Adam Ringer, Investment Director, AMP Capital:
Cost inflation in some markets is an issue, in some cases ground lease portfolios are structured so the Towerco is beholden to the people who own the land. We avoid these situations. In other markets you have more control over this.
TowerXchange: How do you think 5G will affect market growth?
Adam Ringer, Investment Director, AMP Capital: 5G is a massive opportunity in European communications infrastructure. It’s progressing much more in the US at the moment. In Europe, DAS will be huge as well as small cells but it’s taking a while to come through. We are developing DAS in Spain via Axion’s JV with WIG. I don’t think the small cell agenda will detract from macro cells, you’ll need both and there will be 5G solutions on towers as well. But clearly 5G is all about data capacity, taking on the amount of data that 4G/LTE can’t. When it comes to setting up IoT, it will go beyond just people using phones, and will connect devices humans don’t use, making the growth even steeper.
TowerXchange: How do you compare European towers with the rest of the world?
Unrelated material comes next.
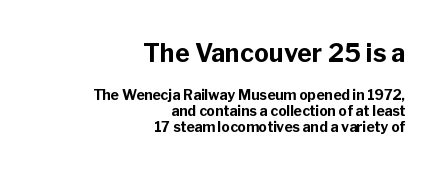
The image shows 25 px bold type, upright; set right-aligned, tight line spacing (1.15x), normal letter spacing, not underlined; the first (top) block is 1.79x larger.

Adam Ringer, Investment Director, AMP Capital:
Eight years ago the European tower landscape looked totally different to how it does now in terms of independent towercos present and how many investors are looking at the space. The market has matured a lot but still has a long way to go vis a vis the US market. I wouldn’t say it’s crowded now, but there are more people involved. There’s a big difference between valuations of a US and European portfolios, and the key reason for that is the tax treatment in the US.
TowerXchange: Tell us about the tower assets currently in your portfolio.
Adam Ringer, Investment Director, AMP Capital:
We own two towercos in Europe; Towercom in Ireland and Axion in Spain. We bought Towercom in 2013. Towercom sits in our Irish fund which is an open-ended, evergreen fund, meaning we can hold it for the long term and as investors, we see a lot of growth in that market. Towercom has been run well by fantastic management, and it’s a pure telecoms player, so no broadcast commitments. The towers were formerly the Eircom backbone so it’s essential infrastructure and this incumbency has been helpful.
We bought Axion in 2016 and it is held in our global infrastructure fund, which is different to our Irish fund as it’s a closed ended vehicle, so therefore we consider future exit strategies as a core part of our investment thesis. Although Towercom has a fantastic position in Ireland there has not been much tower consolidation or need for MNO-focussed build-to-suit, whereas in Spain, Axion sees opportunity for this, which it has begun to execute on, and we’re excited about that. Axion has a large broadcast element as well. It was originally formed from the sale of towers by the Andalusian regional broadcaster. Axion is also Spain’s largest independent national broadcaster of private radio.
We are always looking for more opportunities. There’s a lot of relatively well-known portfolios for sale in the current market, which have been well publicised. We will look at all of them, but whether we progress is another issue, as some of them are broadcast-heavy assets, and for us mobile-focussed towers are more attractive. Our focus depends on the individual situation, and on the factors mentioned above, but we are very active in the space and keen to look at all the opportunities which present themselves. However, we continue to progress cautiously as the space becomes more competitive.